◆ EXERCISE INSTRUCTIONS ◆
Copy every entry below verbatim, except for images.

::: DATA IN THIS EXERCISE

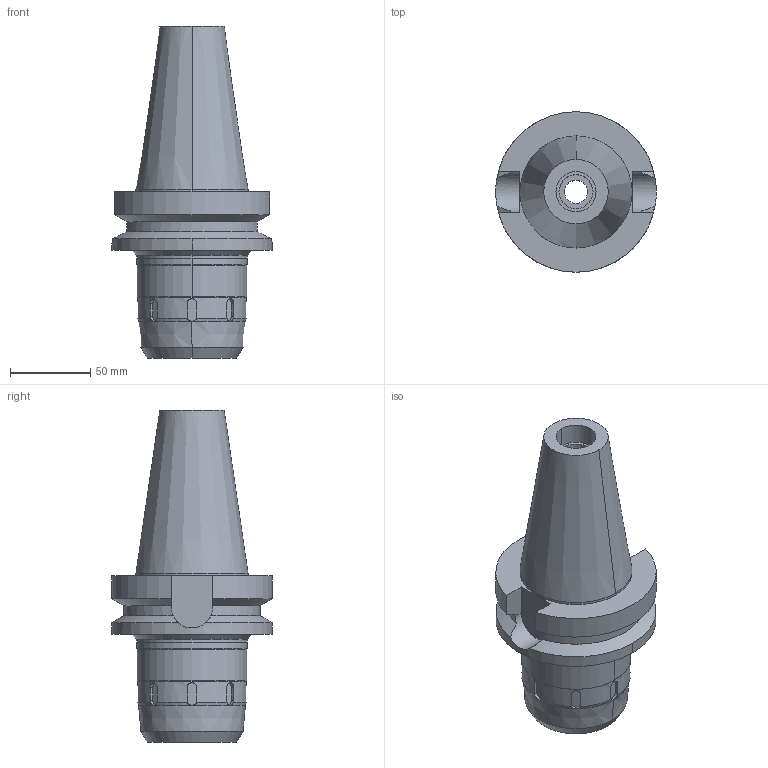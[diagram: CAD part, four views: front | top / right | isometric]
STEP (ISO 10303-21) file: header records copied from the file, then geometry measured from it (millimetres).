
FILE_DESCRIPTION((''),'2;1');
FILE_NAME('BBT50-HMC32S-105','2018-06-13T',('ykawabe'),(''),'CREO PARAMETRIC BY PTC INC, 2016380','CREO PARAMETRIC BY PTC INC, 2016380','');
FILE_SCHEMA(('AUTOMOTIVE_DESIGN { 1 0 10303 214 1 1 1 1 }'));
Length unit declared in the file: millimetre
Products named in the file (1): BBT50-HMC32S-105
Bounding box: 100 x 100 x 206.8 mm (x, y, z)
Volume: 612698.5 mm3; surface area: 75408.6 mm2
Topology: 1 solids, 1 shells, 101 faces, 293 edges, 201 vertices
Faces by surface type: cylinder 44, plane 39, cone 18
Entity records: 4633 total; most frequent: CARTESIAN_POINT 912, ORIENTED_EDGE 586, DIRECTION 562, PRESENTATION_STYLE_ASSIGNMENT 298, STYLED_ITEM 298, CURVE_STYLE 297, EDGE_CURVE 293, AXIS2_PLACEMENT_3D 220
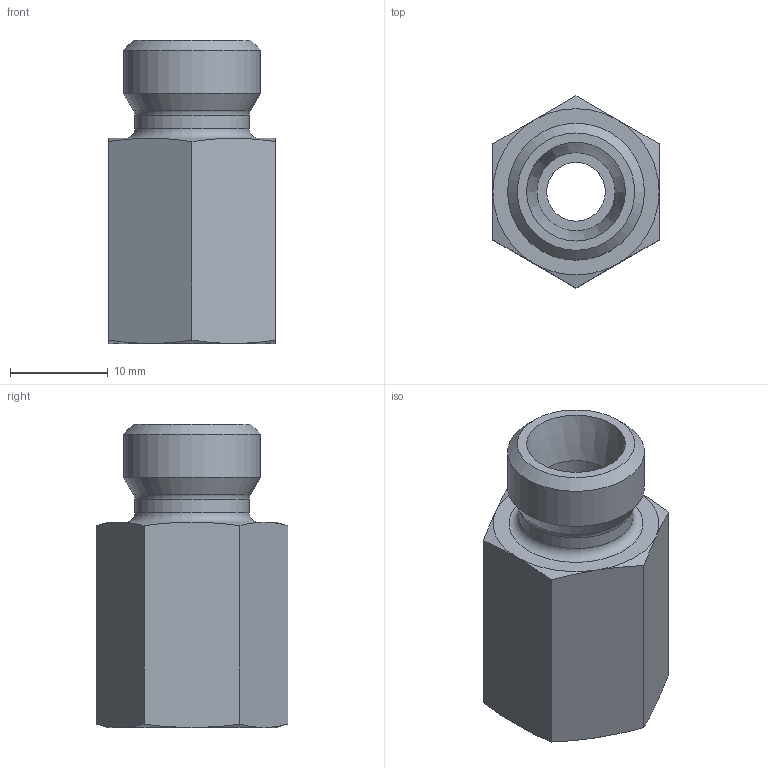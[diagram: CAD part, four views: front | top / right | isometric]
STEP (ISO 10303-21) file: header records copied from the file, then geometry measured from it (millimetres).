
FILE_DESCRIPTION((''),'2;1');
FILE_NAME('7161081214.stp','2014-08-27T12:20:48',(''),('KNOMI spol. s r. o.'),'Autodesk Inventor 2012','Autodesk Inventor 2012','');
FILE_SCHEMA(('AUTOMOTIVE_DESIGN { 1 2 10303 214 0 1 1 1 }'));
Length unit declared in the file: millimetre
Products named in the file (1): PRIM2  8LM    M12/M14
Bounding box: 17 x 19.63 x 31 mm (x, y, z)
Volume: 4528 mm3; surface area: 2924.3 mm2
Topology: 1 solids, 1 shells, 35 faces, 75 edges, 45 vertices
Faces by surface type: cone 17, plane 11, cylinder 5, torus 2
Full cylindrical faces by diameter (mm): 6 x1, 8 x1, 10.376 x1, 11.7 x1, 14 x1
Entity records: 838 total; most frequent: CARTESIAN_POINT 182, DIRECTION 134, ORIENTED_EDGE 116, AXIS2_PLACEMENT_3D 64, EDGE_CURVE 58, EDGE_LOOP 52, VERTEX_POINT 40, FACE_OUTER_BOUND 35

::::::

◆ EXERCISE RESPONSE ◆
[diagram: CAD part, four views: front | top / right | isometric]
STEP (ISO 10303-21) file: header records copied from the file, then geometry measured from it (millimetres).
FILE_DESCRIPTION((''),'2;1');
FILE_NAME('BBT50-HMC32S-105','2018-06-13T',('ykawabe'),(''),'CREO PARAMETRIC BY PTC INC, 2016380','CREO PARAMETRIC BY PTC INC, 2016380','');
FILE_SCHEMA(('AUTOMOTIVE_DESIGN { 1 0 10303 214 1 1 1 1 }'));
Length unit declared in the file: millimetre
Products named in the file (1): BBT50-HMC32S-105
Bounding box: 100 x 100 x 206.8 mm (x, y, z)
Volume: 612698.5 mm3; surface area: 75408.6 mm2
Topology: 1 solids, 1 shells, 101 faces, 293 edges, 201 vertices
Faces by surface type: cylinder 44, plane 39, cone 18
Entity records: 4633 total; most frequent: CARTESIAN_POINT 912, ORIENTED_EDGE 586, DIRECTION 562, PRESENTATION_STYLE_ASSIGNMENT 298, STYLED_ITEM 298, CURVE_STYLE 297, EDGE_CURVE 293, AXIS2_PLACEMENT_3D 220
[diagram: CAD part, four views: front | top / right | isometric]
STEP (ISO 10303-21) file: header records copied from the file, then geometry measured from it (millimetres).
FILE_DESCRIPTION((''),'2;1');
FILE_NAME('7161081214.stp','2014-08-27T12:20:48',(''),('KNOMI spol. s r. o.'),'Autodesk Inventor 2012','Autodesk Inventor 2012','');
FILE_SCHEMA(('AUTOMOTIVE_DESIGN { 1 2 10303 214 0 1 1 1 }'));
Length unit declared in the file: millimetre
Products named in the file (1): PRIM2  8LM    M12/M14
Bounding box: 17 x 19.63 x 31 mm (x, y, z)
Volume: 4528 mm3; surface area: 2924.3 mm2
Topology: 1 solids, 1 shells, 35 faces, 75 edges, 45 vertices
Faces by surface type: cone 17, plane 11, cylinder 5, torus 2
Full cylindrical faces by diameter (mm): 6 x1, 8 x1, 10.376 x1, 11.7 x1, 14 x1
Entity records: 838 total; most frequent: CARTESIAN_POINT 182, DIRECTION 134, ORIENTED_EDGE 116, AXIS2_PLACEMENT_3D 64, EDGE_CURVE 58, EDGE_LOOP 52, VERTEX_POINT 40, FACE_OUTER_BOUND 35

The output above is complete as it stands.